Impairment is typically measured using the difference between the outstanding loan principal balance and either: 1) the likely realizable value of a note sale; 2) the fair value of the underlying collateral, net of likely disposal costs, if repayment is expected solely from liquidation of the collateral; or 3) the present value of estimated future cash flows using the loan's existing rate. If a TDR is substantially performing in accordance with its restructured terms, management will look to either the present value of the expected cash flows from the debt service or the potential net liquidation proceeds of the underlying collateral property in measuring impairment (whichever is deemed most appropriate under the circumstances). If a TDR has re-defaulted, generally the likely realizable net proceeds from either a note sale or the liquidation of the collateral is considered when measuring impairment. Measured impairment is either charged off immediately or, in limited instances, recognized as an allocated reserve within the allowance for loan losses.
Please refer to Note 9 for tabular information related to impaired loans.
Delinquent Serviced Loans Subject to a Recourse Obligation
As of March 31, 2013 and December 31, 2012, the Bank serviced a pool of multifamily loans sold to FNMA, and retained an obligation (off-balance sheet contingent liability) to absorb a portion of any losses (as defined in the seller/servicer agreement) incurred by FNMA in connection with the loans sold (the "First Loss Position").
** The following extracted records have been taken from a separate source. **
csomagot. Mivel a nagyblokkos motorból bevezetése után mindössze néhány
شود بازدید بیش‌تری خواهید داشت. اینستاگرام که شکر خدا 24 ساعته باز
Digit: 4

Under the terms of its seller/servicer agreement with FNMA, the Bank is obligated to fund FNMA all monthly principal and interest payments under the original terms of the sold loans until the earlier of the following events: (i) the Bank re-acquires the loan from FNMA or it enters OREO status; (ii) the entire pool of loans sold to FNMA have either been fully satisfied or enter OREO status; or (iii) the First Loss Position is fully exhausted.
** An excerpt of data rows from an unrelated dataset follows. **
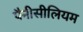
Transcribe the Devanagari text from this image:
पैनीसीलियम
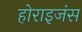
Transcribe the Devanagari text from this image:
होराइजंस
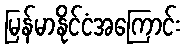
မြန်မာနိုင်ငံအကြောင်း
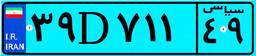
۳۲D۵۸۱۳۵
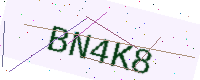
Text: BN4K8
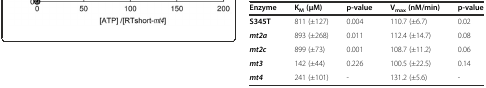
<table><thead><tr><td><b>Enzyme</b></td><td><b>K<sub>M</sub>(μM)</b></td><td><b>p-value</b></td><td><b>V<sub>max</sub>(nM/min)</b></td><td><b>p-value</b></td></tr></thead><tbody><tr><td><b>S345T</b></td><td>811 (±127)</td><td>0.004</td><td>110.7 (±6.7)</td><td>0.02</td></tr><tr><td><b><i>mt2a</i></b></td><td>893 (±268)</td><td>0.011</td><td>112.4 (±14.7)</td><td>0.08</td></tr><tr><td><b><i>mt2c</i></b></td><td>899 (±73)</td><td>0.001</td><td>108.7 (±11.2)</td><td>0.06</td></tr><tr><td><b><i>mt3</i></b></td><td>142 (±44)</td><td>0.226</td><td>100.5 (±22.5)</td><td>0.14</td></tr><tr><td><b><i>mt4</i></b></td><td>241 (±101)</td><td>-</td><td>131.2 (±5.6)</td><td>-</td></tr></tbody></table>

At March 31, 2013, within the pool of multifamily loans sold to FNMA, there was one $474 loan 90 days or more delinquent and one $228 loan delinquent between 30 and 89 days. At December 31, 2012, within the pool of multifamily loans sold to FNMA, there was one $474 loan 90 days or more delinquent and one $229 loan delinquent between 30 and 89 days.
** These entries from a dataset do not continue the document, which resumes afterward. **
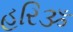
હરિૐ
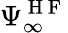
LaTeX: \Psi_{\infty}^{\mathrm{~H~F~}}
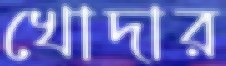
খোদার
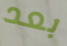
بعد
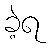
ခဲ့ရ
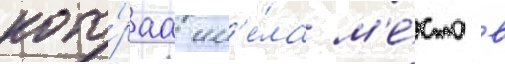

9. ALLOWANCE FOR LOAN LOSSES AND LIABILITY FOR FIRST LOSS POSITION
The allowance for loan losses may consist of specific and general components. The Bank's periodic evaluation of its allowance for loan losses (specific or general) is comprised of four primary components: (1) impaired loans; (2) non-impaired substandard loans; (3) non-impaired special mention loans; and (4) pass graded loans. Within these components, the Company has identified the following portfolio segments for purposes of assessing its allowance for loan losses (specific or general): 1) real estate loans; and 2) consumer loans. Within the segments, the Bank analyzes the allowance based upon the underlying collateral type (classes). Consumer loans represent a nominal portion of the Company's loan portfolio, and were thus evaluated in aggregate as of both March 31, 2013 and December 31, 2012.
Impaired Loan Component
All multifamily residential, mixed use, commercial real estate and construction loans that are deemed to meet the definition of impaired are individually evaluated for impairment. In addition, all cooperative unit and one- to four-family residential real estate loans in excess of the FNMA Limits are individually evaluated for impairment. Impairment is typically measured using the difference between the outstanding loan principal balance and either: 1) the likely realizable value of a note sale; 2) the fair value of the underlying collateral, net of likely disposal costs, if repayment is expected solely from liquidation of the collateral; or 3) the present value of estimated future cash flows using the loan's existing rate. For impaired loans on non-accrual status, either of the initial two measurements is utilized.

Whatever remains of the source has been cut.